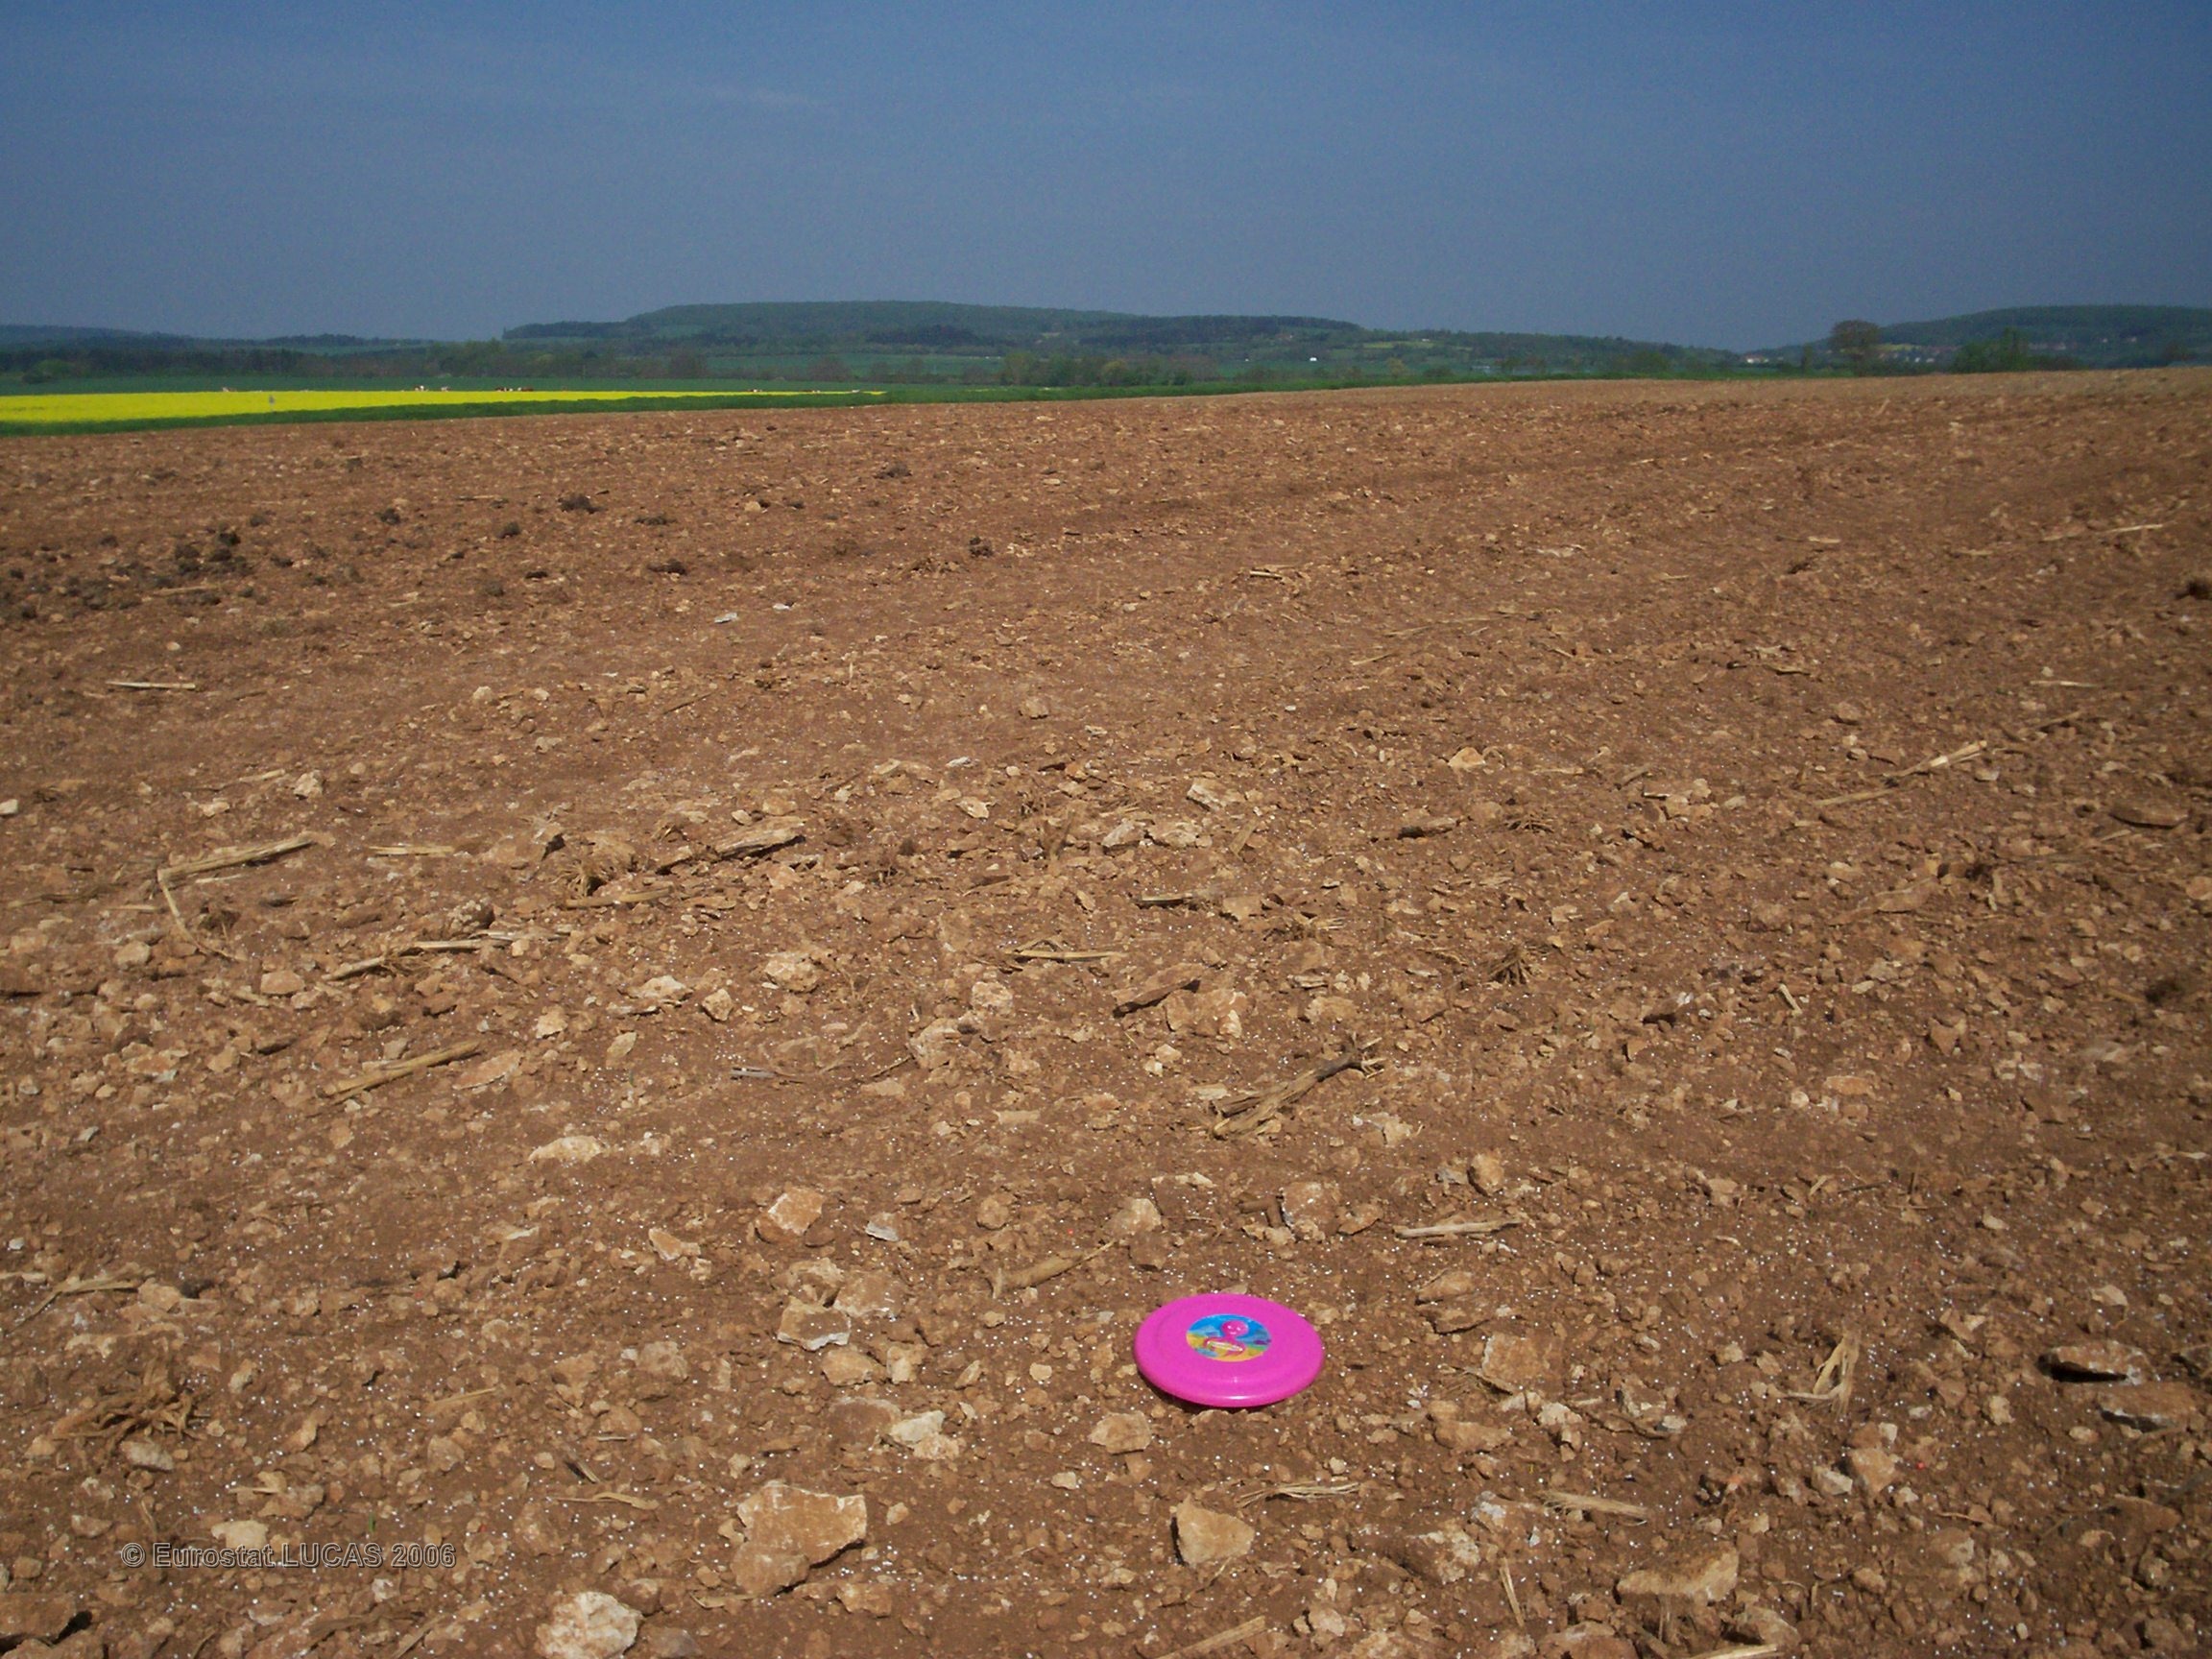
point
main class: Cropland
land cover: Maize
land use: Agriculture (excluding fallow land and kitchen gardens)
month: May
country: FR
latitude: 47.6367
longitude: 5.3020
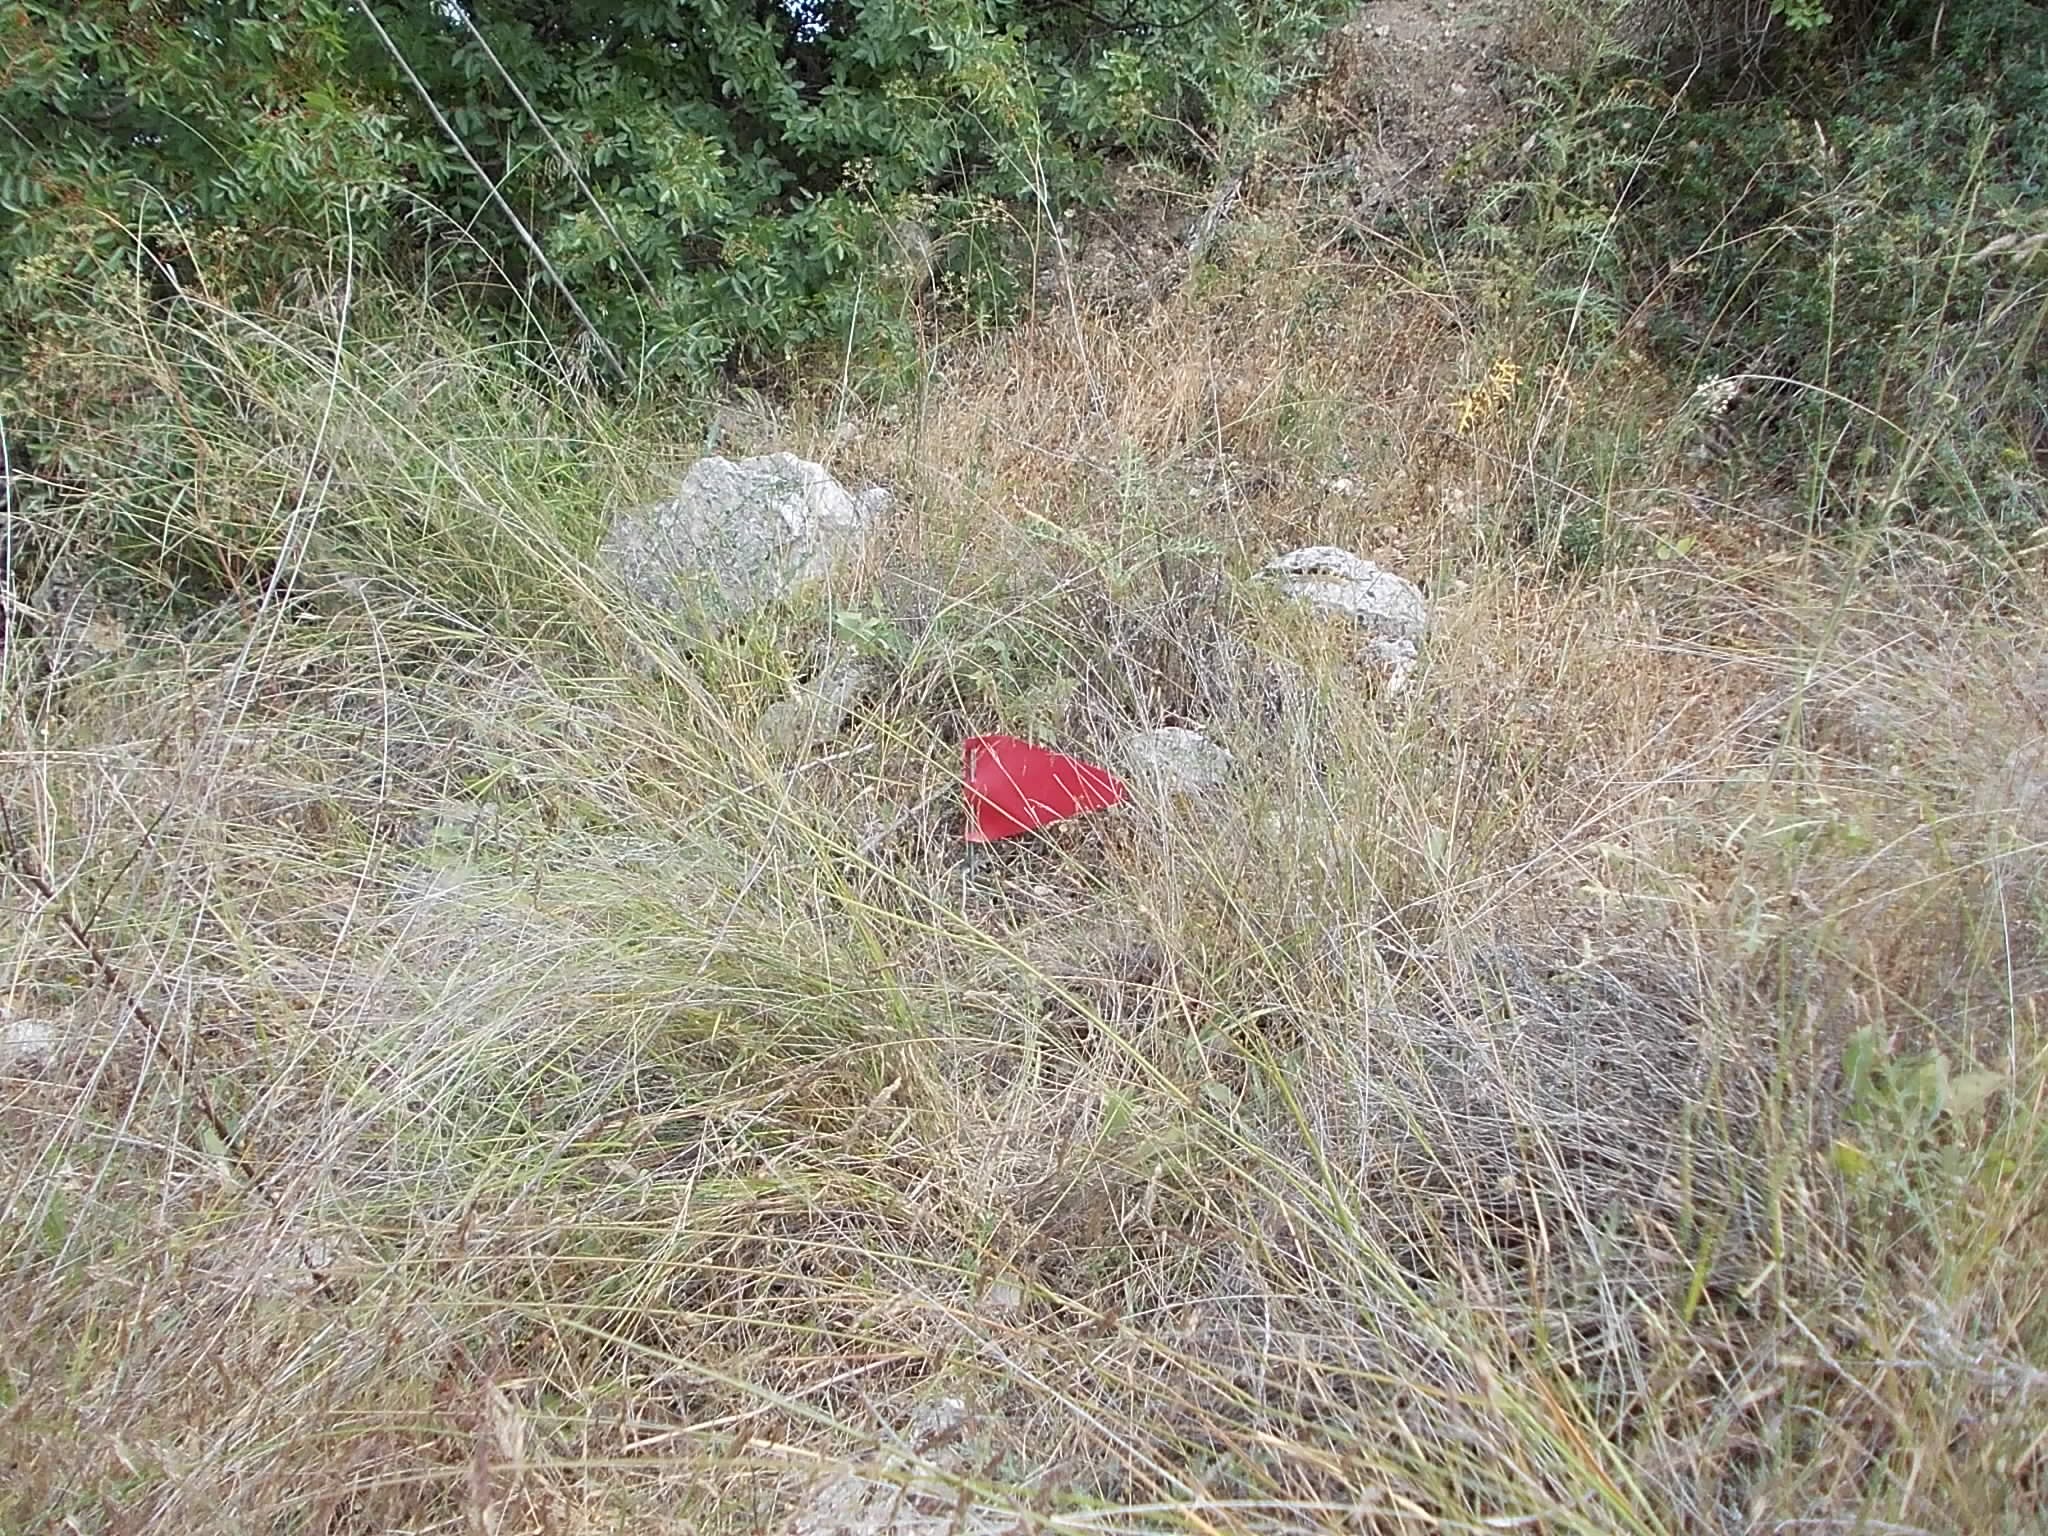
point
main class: Grassland
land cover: Grassland with sparse tree/shrub cover
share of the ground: > 75 %
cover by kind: herbaceous plants 95 %, broadleaved forest trees 5 %
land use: Semi-natural and natural areas not in use
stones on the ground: 10 - 25 %
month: June
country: CY
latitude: 34.8278
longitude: 32.9411
━━━━━━━━━━
**Goal of the exercise:** Copy exactly, and only, the lines from the line that contains "main class: Grassland" through the end of the data above.

**Finished exercise:**
main class: Grassland
land cover: Grassland with sparse tree/shrub cover
share of the ground: > 75 %
cover by kind: herbaceous plants 95 %, broadleaved forest trees 5 %
land use: Semi-natural and natural areas not in use
stones on the ground: 10 - 25 %
month: June
country: CY
latitude: 34.8278
longitude: 32.9411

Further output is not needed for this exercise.